このトピックでは、ルーティングポリシーを使用して仮想プライベートクラウド (VPC) とCIDRブロック間の通信を無効にする方法について説明します。
前提条件
この機能は、Basic Editionトランジットルーターでのみサポートされます。
データセンターは、Express Connect回線を使用してAlibaba Cloudに接続されています。 詳細については、「Express Connect回路を使用したデータセンターのECSへの接続」をご参照ください。
Cloud Enterprise Network (CEN) インスタンスが作成されます。 相互に接続するネットワークインスタンスは、CENインスタンスにアタッチされています。 詳細については、「CENインスタンス」および「ネットワークインスタンス接続の管理」をご参照ください。
背景情報
デフォルトでは、CENインスタンスにアタッチされているVPCは、CENインスタンスにアタッチされている他のVPC、仮想ボーダールーター (VBR) 、およびCloud Connect Network (CCN) インスタンスと通信できます。 一部のシナリオでは、VPCとVPC、VBR、またはCCNインスタンスのCIDRブロックとの間の通信を無効にする必要がある場合があります。
前の図に示すように、VPCとVBRはCENインスタンスにアタッチされています。
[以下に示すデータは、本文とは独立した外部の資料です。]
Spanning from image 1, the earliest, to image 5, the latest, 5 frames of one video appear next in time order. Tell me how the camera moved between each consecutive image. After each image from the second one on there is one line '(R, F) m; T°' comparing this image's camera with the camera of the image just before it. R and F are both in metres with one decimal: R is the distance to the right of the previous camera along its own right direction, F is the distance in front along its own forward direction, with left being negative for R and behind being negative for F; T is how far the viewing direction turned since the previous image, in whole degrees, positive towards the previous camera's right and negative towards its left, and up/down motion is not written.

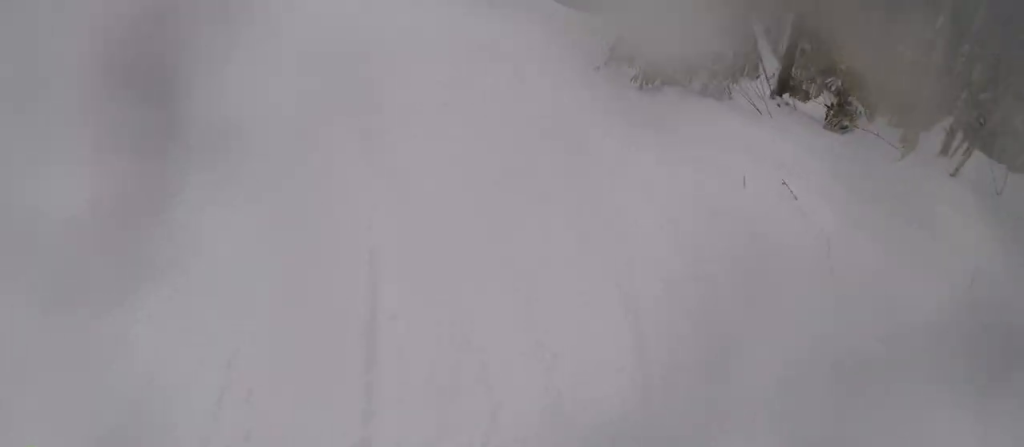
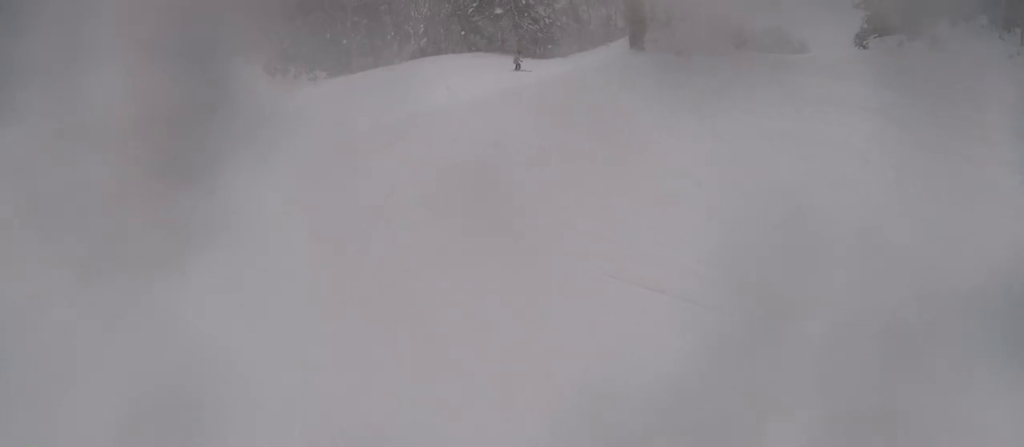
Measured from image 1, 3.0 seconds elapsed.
(+0.6, +20.8) m; +14°
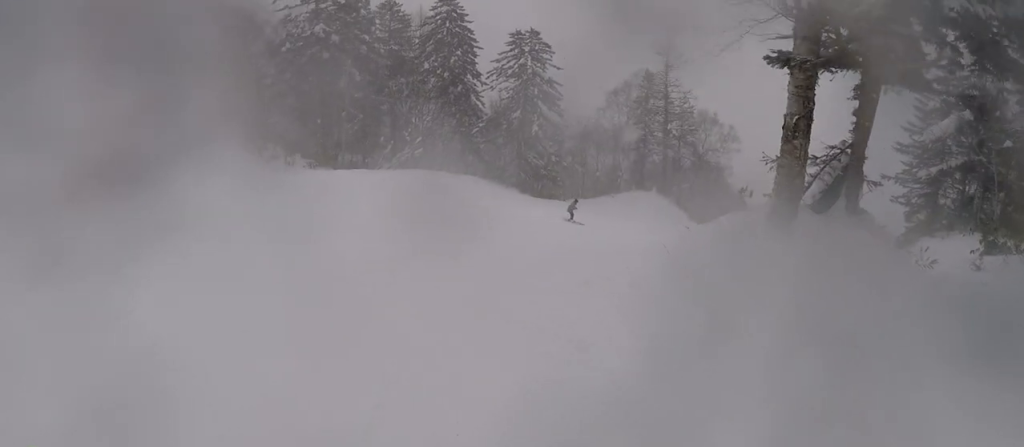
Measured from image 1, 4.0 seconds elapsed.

VBRは、BGPを介してデータセンターからCIDRブロック1とCIDRブロック2を指す2つのルートを学習します。 デフォルトでは、VPCはCIDRブロック1およびCIDRブロック2と通信できます。 VPCがCIDRブロック1と通信しない場合は、ルーティングポリシーを設定して、それらの間の通信を無効にすることができます。 VPCは引き続きCIDRブロック2と通信できます。
ステップ1: CIDRブロック1を指すVBRルートを拒否するようにVPCを設定するルーティングポリシーを追加する
次の手順を実行して、CIDRブロック1を指すVBRルートを拒否するようにVPCを設定するルーティングポリシーを追加します。
CENコンソールにログインします。
インスタンスページで、管理するCENインスタンスのIDをクリックします。
インスタンスの詳細ページで、ルーティングポリシーを追加するリージョンを見つけ、そのリージョンにデプロイされているトランジットルーターのIDをクリックします。
トランジットルーターの詳細ページで、ルートテーブルタブをクリックし、ルーティングポリシー.
[ルーティングポリシー] タブで、[ルーティングポリシーの追加] をクリックします。 次のパラメーターを設定し、[OK] をクリックします。
ルーティングポリシーの優先度: ルーティングポリシーの優先度の値を入力します。 数字が小さいほど、優先度が高くなります。 この例では、20が入力されます。
リージョン: ルーティングポリシーを適用するリージョンを選択します。 この例では、中国 (杭州) が入力されます。
ポリシーの方向: ルーティングポリシーを適用する方向を選択します。 この例では、[Egress Regional Gateway] が選択されています。
一致条件: ルーティングポリシーの一致条件を設定します。 この例では, 次の一致条件を指定します。
ソースインスタンスIDリスト: VBRのIDが選択されています。
ルートプレフィックス: 192.168.0.0/24が使用されます。 条件タイプは完全一致に設定されます。
アクションポリシー: 一致条件を満たすルートで実行するアクションを選択します。 この例では、[拒否] が選択されています。
ルーティングポリシーを追加したら、[ネットワークルート] タブに移動して、192.168.0.0/24を指すルートがVPCから削除されているかどうかを確認できます。
ステップ2: ネットワーク接続のテスト
次の手順を実行して、VPCとCIDRブロック1間の接続をテストします。
VPCのECSインスタンスにログインします。
pingコマンドを実行して、CIDRブロック1のIPアドレスをpingします。
結果は、ECSインスタンスがCIDRブロック1のIPアドレスにアクセスできないことを示しています。
次の手順を実行して、VPCとCIDRブロック2間の接続をテストします。
VPCのECSインスタンスにログインします。
pingコマンドを実行して、CIDR Block 2のIPアドレスをpingします。
結果は、ECSインスタンスがCIDRブロック2のIPアドレスにアクセスできることを示しています。